We aimed to assess the HRQOL of hypertensive patients in Kathmandu, Nepal and found that participants have self-perceptions of a low HRQOL in different dimensions of EQ-5D. The previous study evaluating HRQOL among hypertensive patient in Kathmandu (13) reported increasing age, not cohabiting with a partner, no formal education to be associated with lower HRQOL. We confirm their findings and additionally we also provide evidence that a higher HRQOL was associated with higher family income, participant’s dietary low salt compliance, use of antihypertensive drugs, and better-perceived health status. Mediation analysis conducted to further evaluate the association between antihypertensive drug use, dietary salt compliance, and HRQOL showed that both, dietary low salt compliance and use of antihypertensive drugs, had a significant direct effect on HRQOL. Further, the use of antihypertensive drugs did not significantly mediate the relationship between dietary salt compliance and HRQOL. This finding implies that both dietary salt compliance and antihypertensive drugs use are two independent aspects of HRQOL of hypertensive patients and both are independently essential to increase the HRQOL of hypertensive patients. Both, dietary salt compliance and antihypertensive drugs use help to control the blood pressure of hypertensive patients, and better-controlled blood pressure may lead to improved HRQOL. Previous research has demonstrated that non-adherence to prescription is associated with poor HRQOL (27, 28). Adherence to treatment leads to controlled blood pressure (29) and better health outcomes (30). Likewise, a modest reduction in dietary sodium intake is associated with significant reduction in blood pressure and a 20% reduction in cardiovascular events (31). A decrease in salt intake of 6 g/day lowered diastolic blood pressure by 7/4 mm of Hg in hypertensive patients and 4/2 mm of Hg in normotensive subjects (31). As reducing dietary salt has been considered as a non-pharmacotherapy for controlling blood pressure, the high HRQOL perceived by the hypertensive patient compliant to low dietary salt may be explained by the same mechanism that explained the difference in HRQOL between adherent and non-adherent patients.

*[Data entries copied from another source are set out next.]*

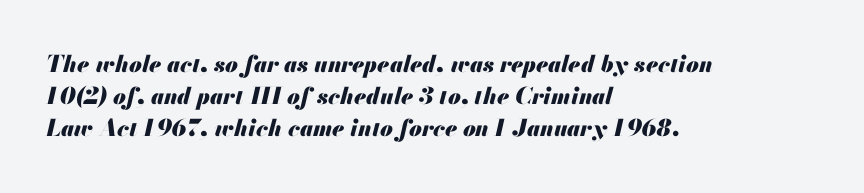
{"italic": "yes", "lean": "right", "slant_degrees": 13, "bold": "yes", "underline": "no", "align": "left", "line_spacing": "normal", "line_spacing_ratio": 1.4, "letter_spacing": "normal", "letter_spacing_em": 0.0, "glyph_px": 23}
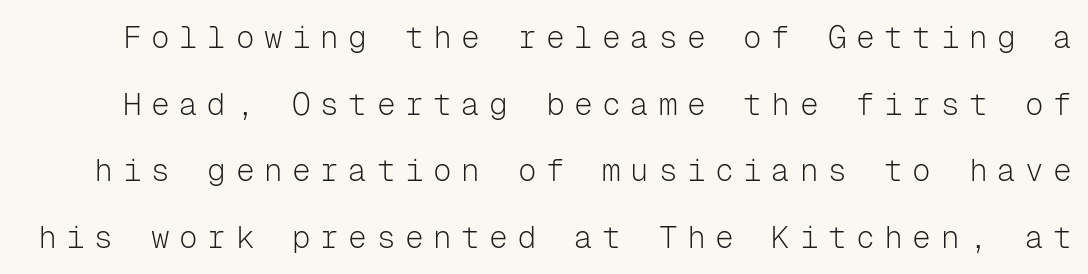
Weight class: somewhere from thin through regular. This sample uses a sans-serif face. This sample has the even, mechanical cadence of fixed-width lettering. The passage shown has open, widely tracked lettering throughout. Underline: absent. Leading: increased.
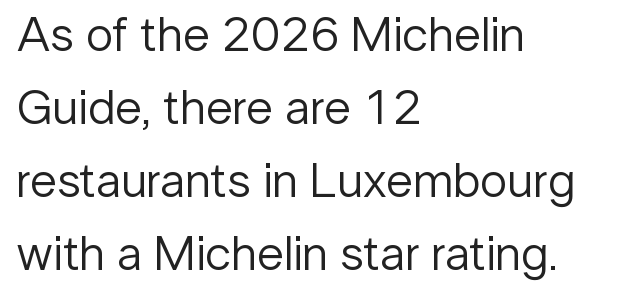
The image shows 49 px regular-weight sans-serif type, upright; set left-aligned, normal line spacing (1.49x), normal letter spacing, not underlined; low stroke contrast and a medium x-height.
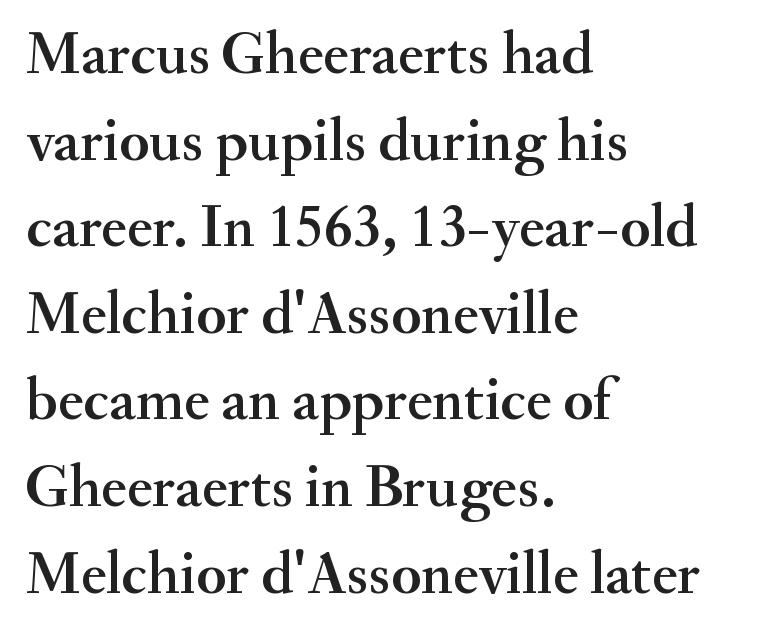
Q: Is the text italic (slanted)? A: No, it is upright.
Q: Is the typeface a serif or a sans-serif typeface? A: Serif.
Q: Is the text underlined? A: No.
Q: How is the paragraph aligned? A: Left-aligned.
Q: Is the spacing between letters normal or unusually wide? A: Normal.
Q: Is the spacing between lines tight, normal or loose? A: Normal.
Q: Width (condensed, normal, or wide)? A: Normal.
Q: Stroke contrast? A: Medium.
Q: x-height? A: Small.
Q: Monospaced? A: No.
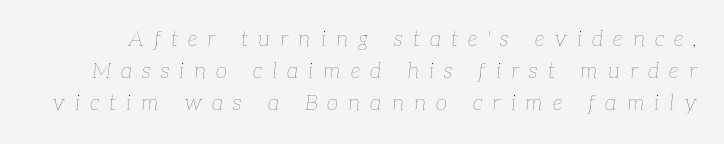
The image shows 21 px text type, italic (leaning right); set normal line spacing (1.52x), unusually wide letter spacing (+0.48 em), not underlined.
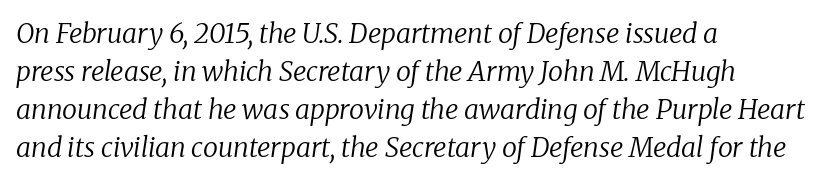
Q: Is the text bold? A: No.
Q: Is the text italic (slanted)? A: Yes, it leans right by about 8 degrees.
Q: Is the text underlined? A: No.
Q: How is the paragraph aligned? A: Left-aligned.
Q: Is the spacing between letters normal or unusually wide? A: Normal.
Q: Is the spacing between lines tight, normal or loose? A: Normal.
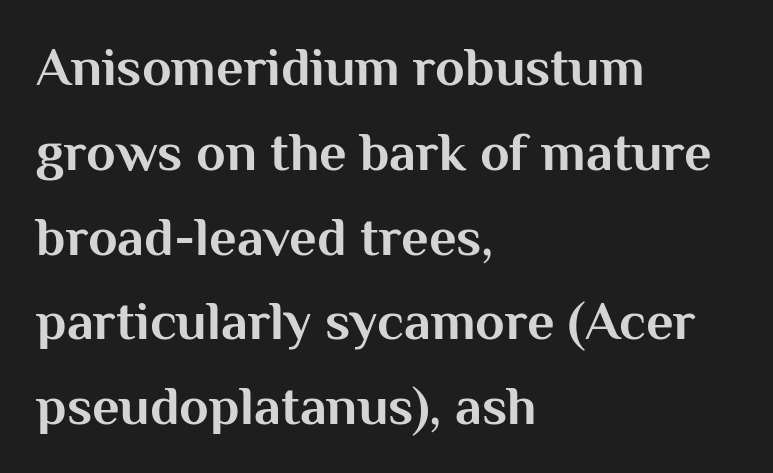
The image shows 54 px bold sans-serif type, upright; set left-aligned, normal line spacing (1.57x), normal letter spacing, not underlined; medium stroke contrast and a medium x-height.
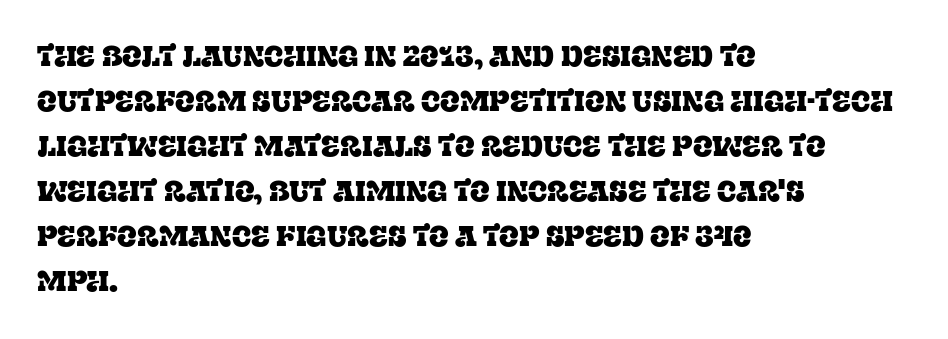
The space beneath each line is pristine and unruled. Compared with typical paragraphs, the rows here are spaced about the same. This rendering employs a face with finishing strokes, i.e., a serif. The compositor pushed each line to the left boundary. Look at the tracking — it's just the regular setting, nothing added.
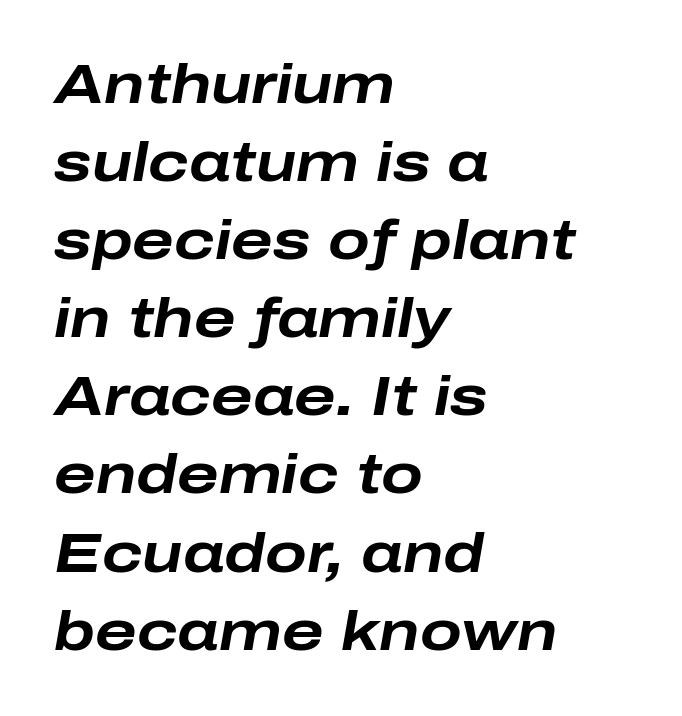
There is no visible air inserted between adjacent glyphs. Typeset ragged right — the left edge is the straight one. Style check: oblique. Notice how descenders clear the ascenders below comfortably — that's standard leading.
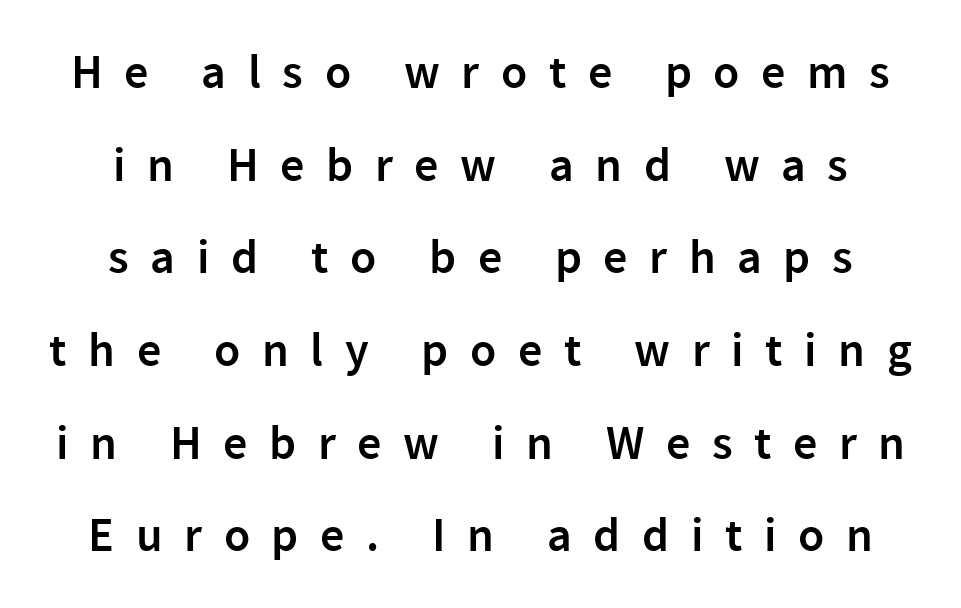
{"serif": "no", "italic": "no", "bold": "semi", "weight": "semibold", "width": "normal", "stroke_contrast": "low", "x_height": "medium", "monospaced": "no", "underline": "no", "align": "center", "line_spacing": "loose", "line_spacing_ratio": 1.93, "letter_spacing": "wide", "letter_spacing_em": 0.45, "glyph_px": 48}
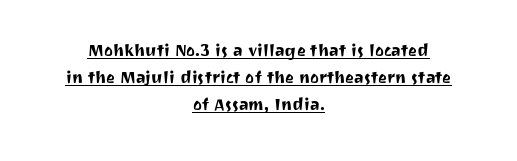
The image shows 21 px text type, upright; set centered, normal line spacing (1.28x), normal letter spacing, underlined.
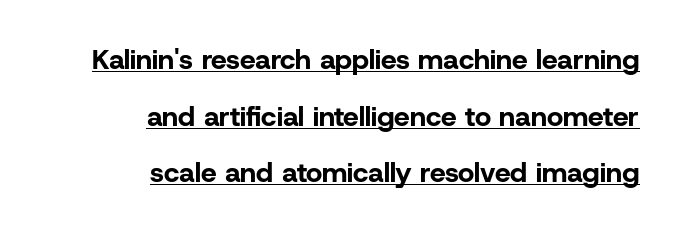
Leading: increased. Observe the absence of serifs on each vertical stroke in this sample. A typographer would call this underscored text. Vertical strokes here are truly vertical.
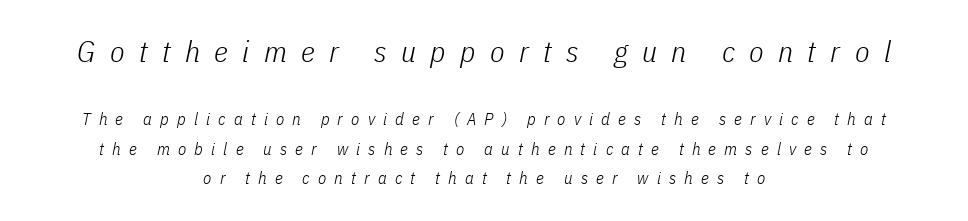
Q: Is the text bold? A: No.
Q: Is the text italic (slanted)? A: Yes, it leans right by about 11 degrees.
Q: Is the text underlined? A: No.
Q: How is the paragraph aligned? A: Centered.
Q: Is the spacing between letters normal or unusually wide? A: Unusually wide.
Q: Which block of text is set in a larger size, the first (top) or the second (bottom)? A: The first (top) one.
Q: Width (condensed, normal, or wide)? A: Condensed.
Q: Stroke contrast? A: Low.
Q: x-height? A: Medium.
Q: Monospaced? A: No.
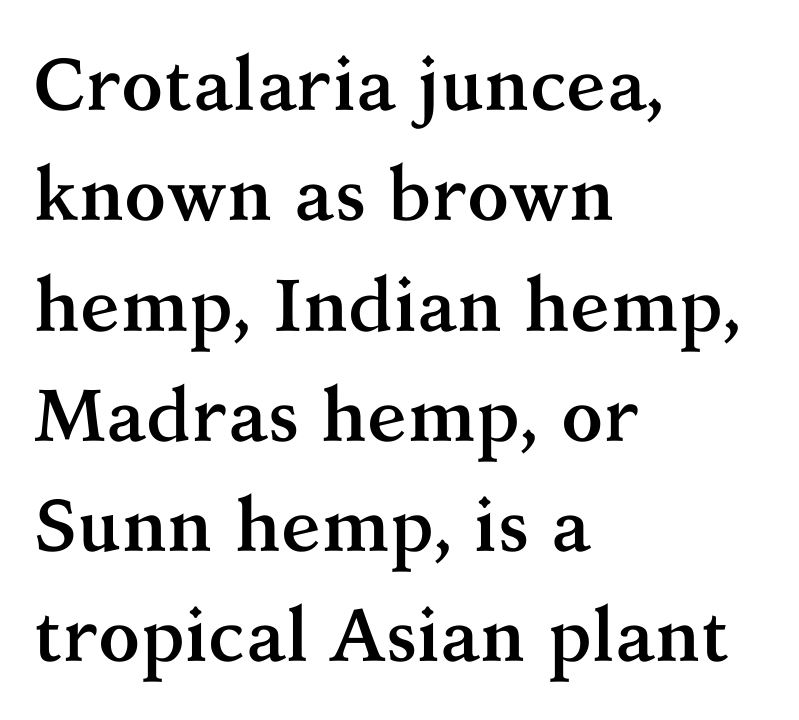
{"serif": "yes", "italic": "no", "bold": "yes", "weight": "semibold", "width": "normal", "stroke_contrast": "medium", "x_height": "medium", "monospaced": "no", "underline": "no", "align": "left", "line_spacing": "normal", "line_spacing_ratio": 1.49, "letter_spacing": "normal", "letter_spacing_em": 0.0, "glyph_px": 74}
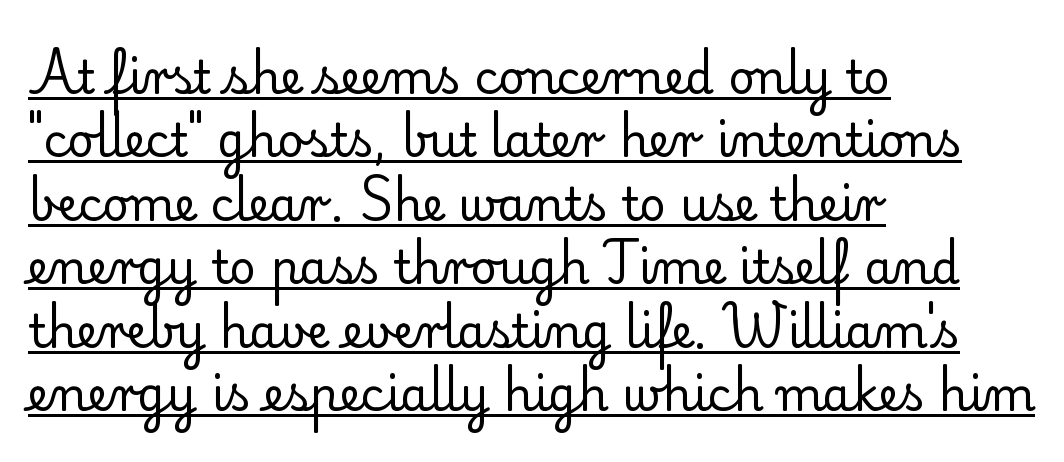
{"serif": "yes", "italic": "no", "bold": "no", "weight": "regular", "width": "normal", "stroke_contrast": "low", "x_height": "small", "monospaced": "no", "underline": "yes", "align": "left", "line_spacing": "normal", "line_spacing_ratio": 1.38, "letter_spacing": "normal", "letter_spacing_em": 0.0, "glyph_px": 46}
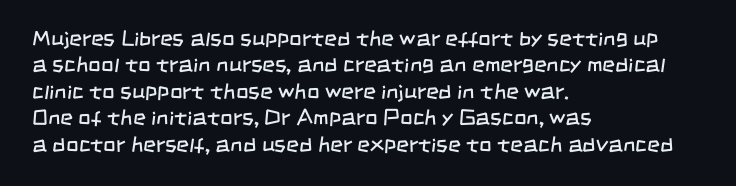
On a weight scale, this lands at 450 or below. Is the block centered? No — it sits flush against the left margin. The strip under each line holds only bare page. What stands out about the letter spacing? Nothing — it is the standard amount.

A greater proportion of study participants reported having problems in the dimension of pain and sadness. Similar findings were reported by studies conducted to assess HRQOL among hypertensive patients using EQ-5D in other countries (9–11). A study evaluating HRQOL of the hypertensive patient in Kathmandu using 36-Item Short Form Survey questionnaire also found a higher mean score for mental health domain than the physical domain (13). As, headache and dizziness are the common symptoms of hypertension and hypertensive subjects have impaired psychological well-being (32), hypertension is thus likely to affect psychological dimension of HRQOL.
Among the study participants, HRQOL was significantly decreased by increasing age. Age is the strongest predictor of HRQOL (13, 33). During the life transition, various physical, mental, and psychosocial changes accompany the phenomenon of aging (34). Biologically, aging is characterized by a gradual, and lifelong accumulation of molecular and cellular damage that subsequently leads to a decrease in physiological functions increased vulnerability to diseases and a general decline in the capacity of the individual (35). As people age, there is a decline in vision and hearing (34), waned musculoskeletal strength and function (36), and compromised immune function (37). With increasing age, people are more likely to experience multimorbidity, which has a significant impact on HRQOL, the impact being greater than the additive effect of individual conditions (38).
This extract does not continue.